# THE DATA
============================================================

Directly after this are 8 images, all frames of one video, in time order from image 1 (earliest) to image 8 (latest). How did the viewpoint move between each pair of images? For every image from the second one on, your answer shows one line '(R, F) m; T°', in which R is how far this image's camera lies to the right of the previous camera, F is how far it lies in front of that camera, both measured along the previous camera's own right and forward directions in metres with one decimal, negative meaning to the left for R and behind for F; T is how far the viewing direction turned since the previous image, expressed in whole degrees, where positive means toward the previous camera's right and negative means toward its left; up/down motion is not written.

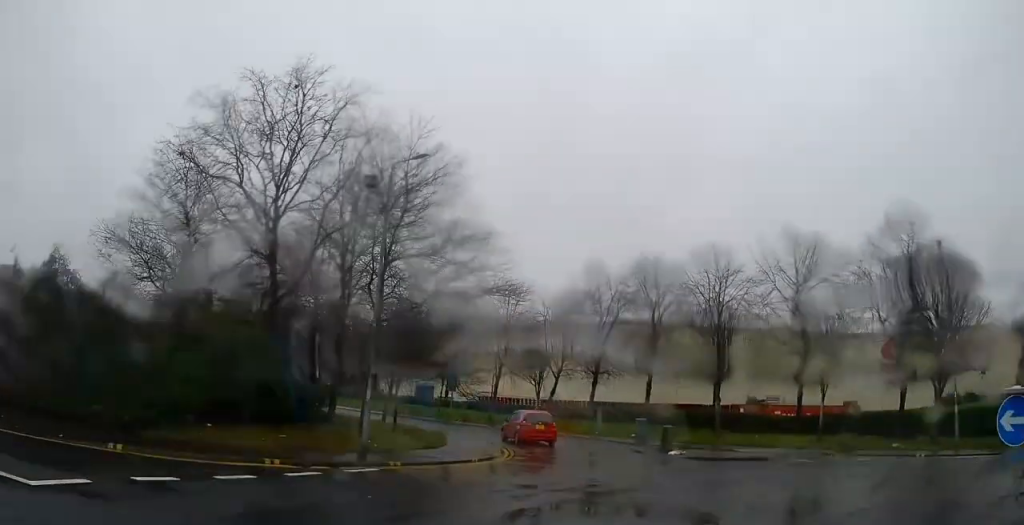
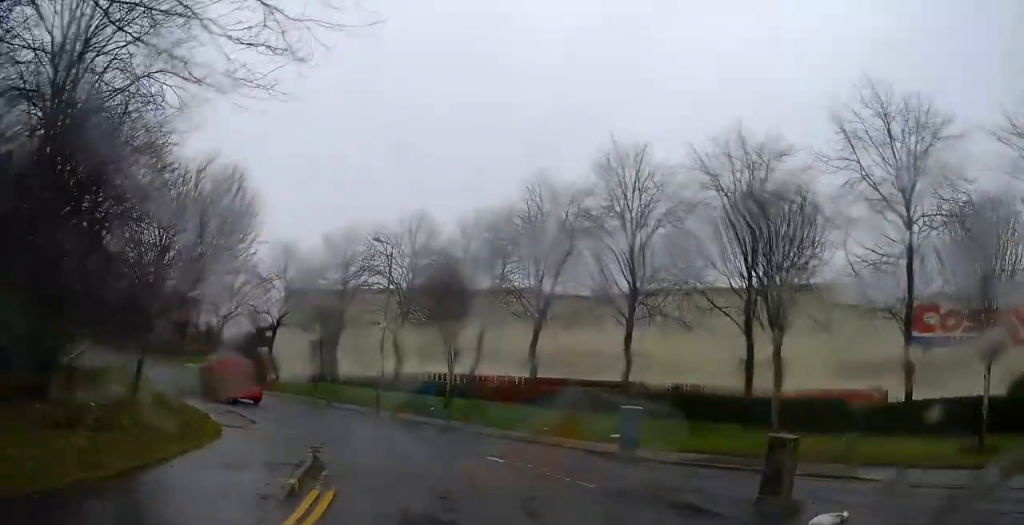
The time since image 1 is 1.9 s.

============================================================

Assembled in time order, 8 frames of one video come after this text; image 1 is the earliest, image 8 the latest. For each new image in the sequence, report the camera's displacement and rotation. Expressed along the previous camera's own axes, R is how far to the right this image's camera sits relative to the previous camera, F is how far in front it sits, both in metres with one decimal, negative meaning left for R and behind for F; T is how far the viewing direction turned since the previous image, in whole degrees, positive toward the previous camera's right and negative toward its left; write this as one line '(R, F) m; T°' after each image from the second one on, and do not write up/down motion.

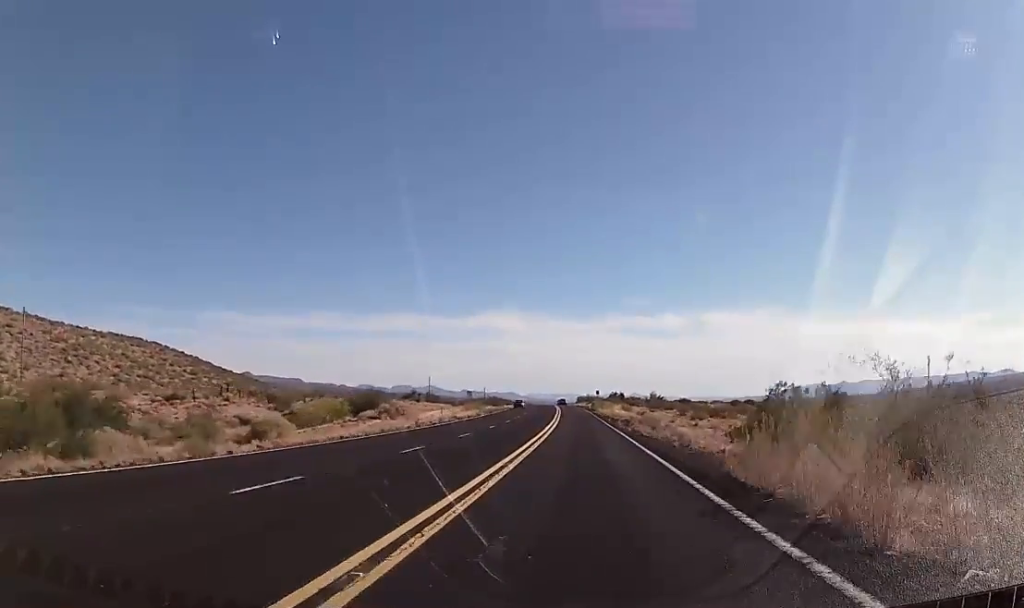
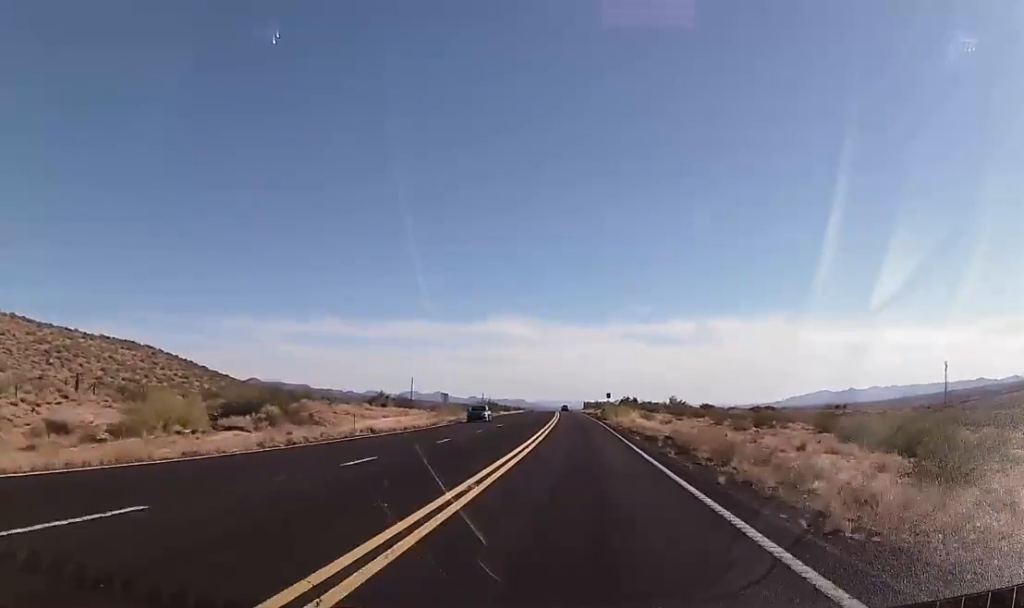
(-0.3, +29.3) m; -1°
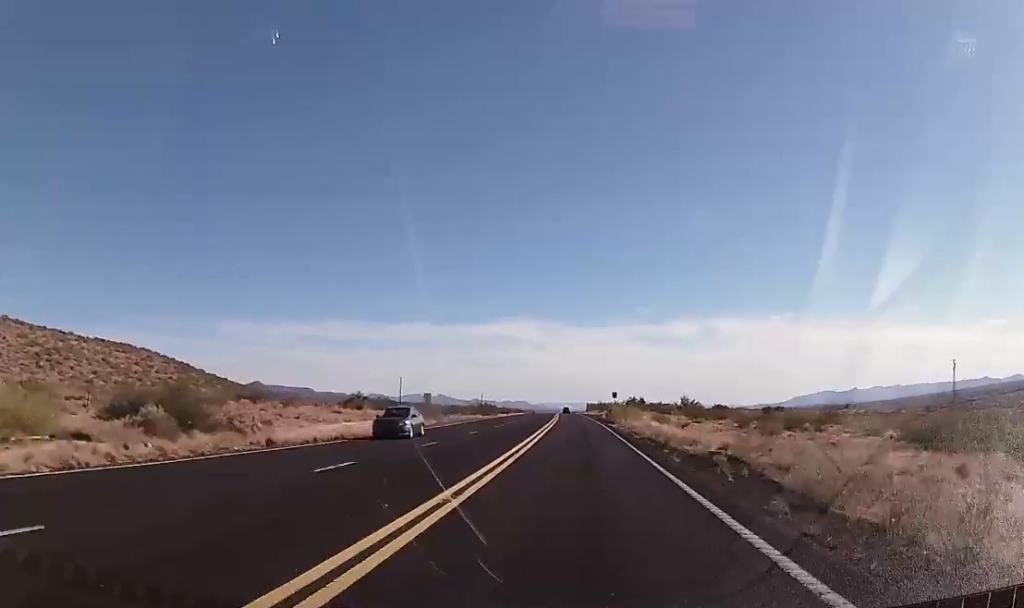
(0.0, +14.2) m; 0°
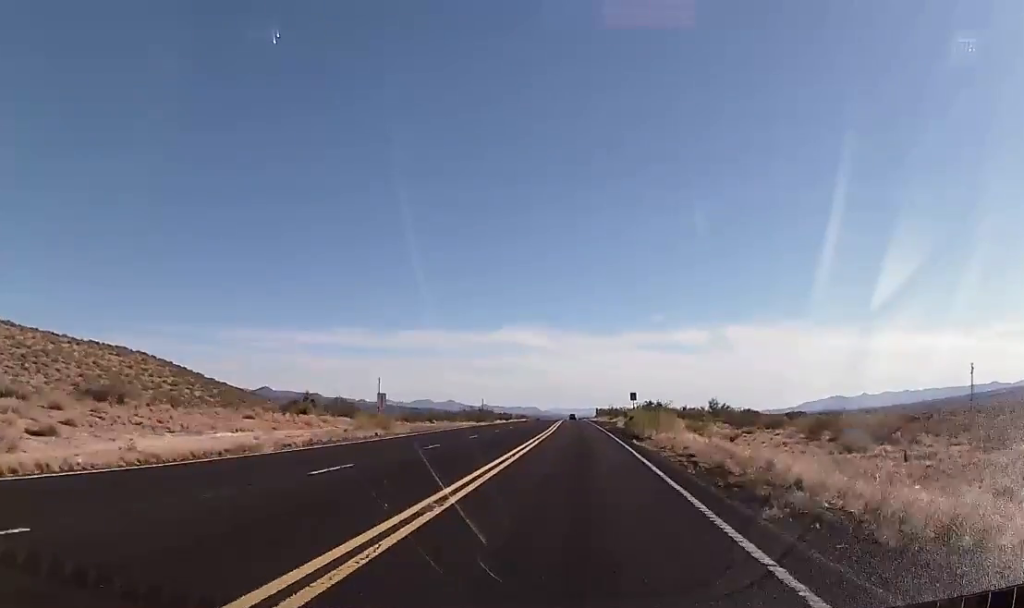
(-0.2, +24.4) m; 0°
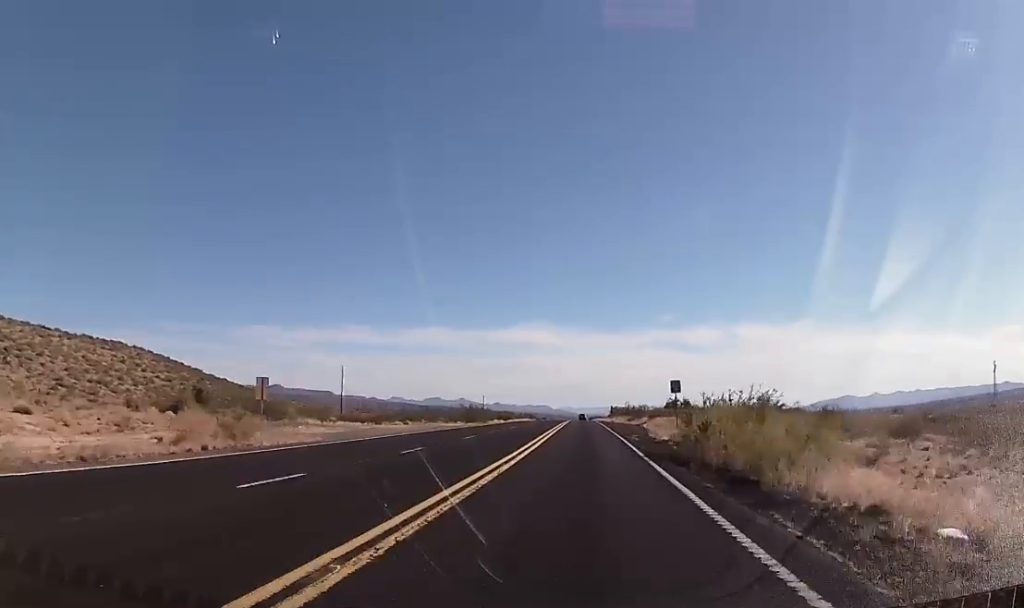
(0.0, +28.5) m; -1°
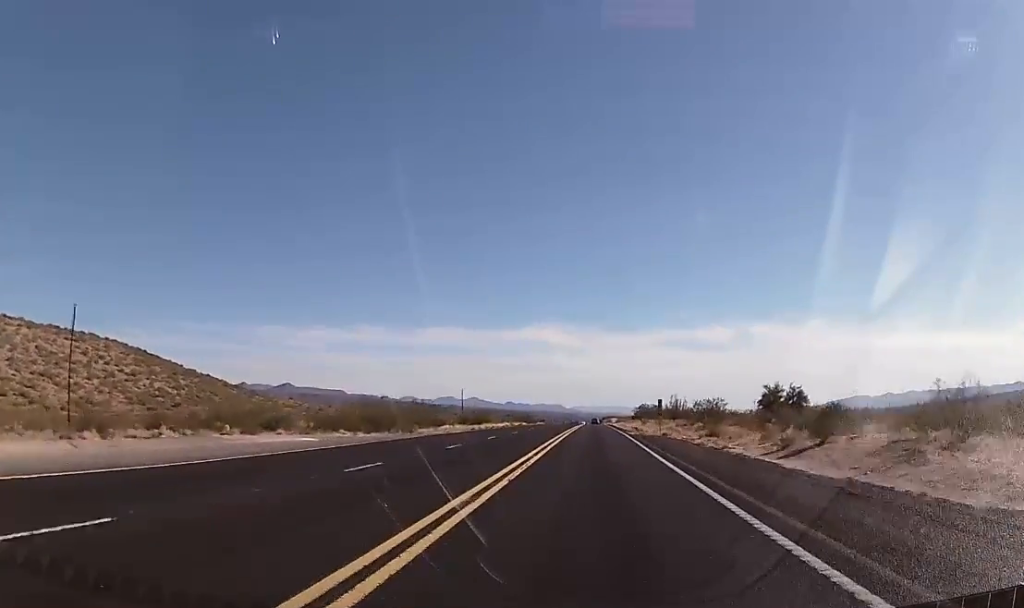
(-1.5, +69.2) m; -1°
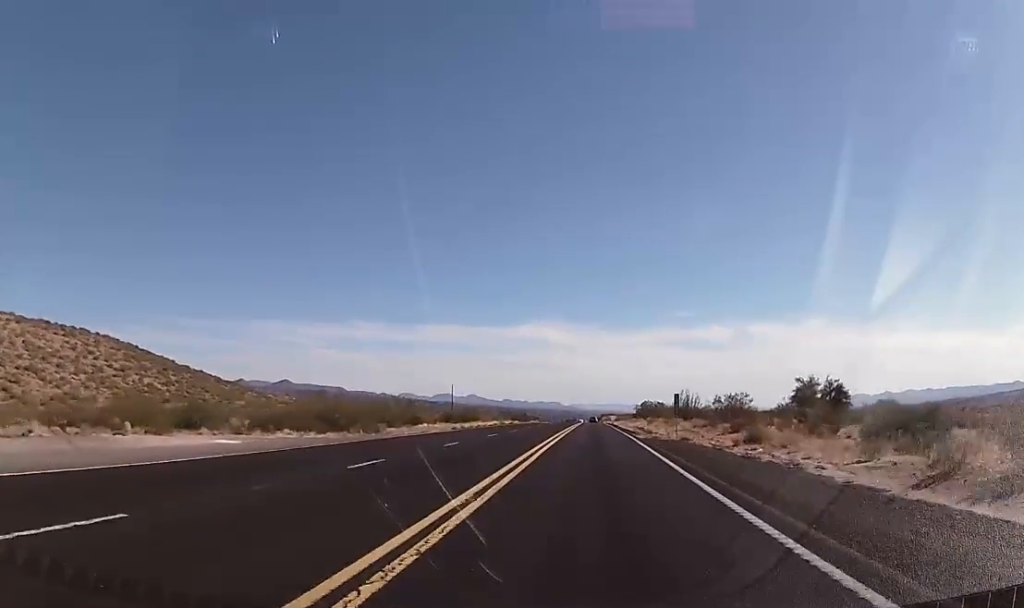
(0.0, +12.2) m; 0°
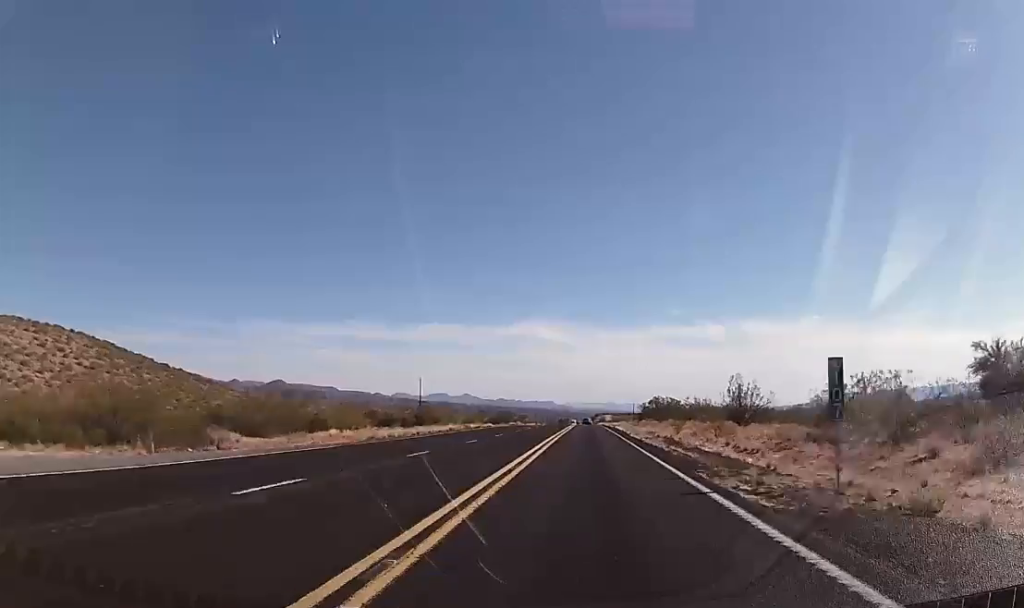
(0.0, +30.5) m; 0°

============================================================

Starting at the line with "Directly after this" and finishing at the line with "The time since image 1 is 1.9 s.", copy the material above exactly, both lines included. Nothing else goes in, and no pictures.

Directly after this are 8 images, all frames of one video, in time order from image 1 (earliest) to image 8 (latest). How did the viewpoint move between each pair of images? For every image from the second one on, your answer shows one line '(R, F) m; T°', in which R is how far this image's camera lies to the right of the previous camera, F is how far it lies in front of that camera, both measured along the previous camera's own right and forward directions in metres with one decimal, negative meaning to the left for R and behind for F; T is how far the viewing direction turned since the previous image, expressed in whole degrees, where positive means toward the previous camera's right and negative means toward its left; up/down motion is not written.

The time since image 1 is 1.9 s.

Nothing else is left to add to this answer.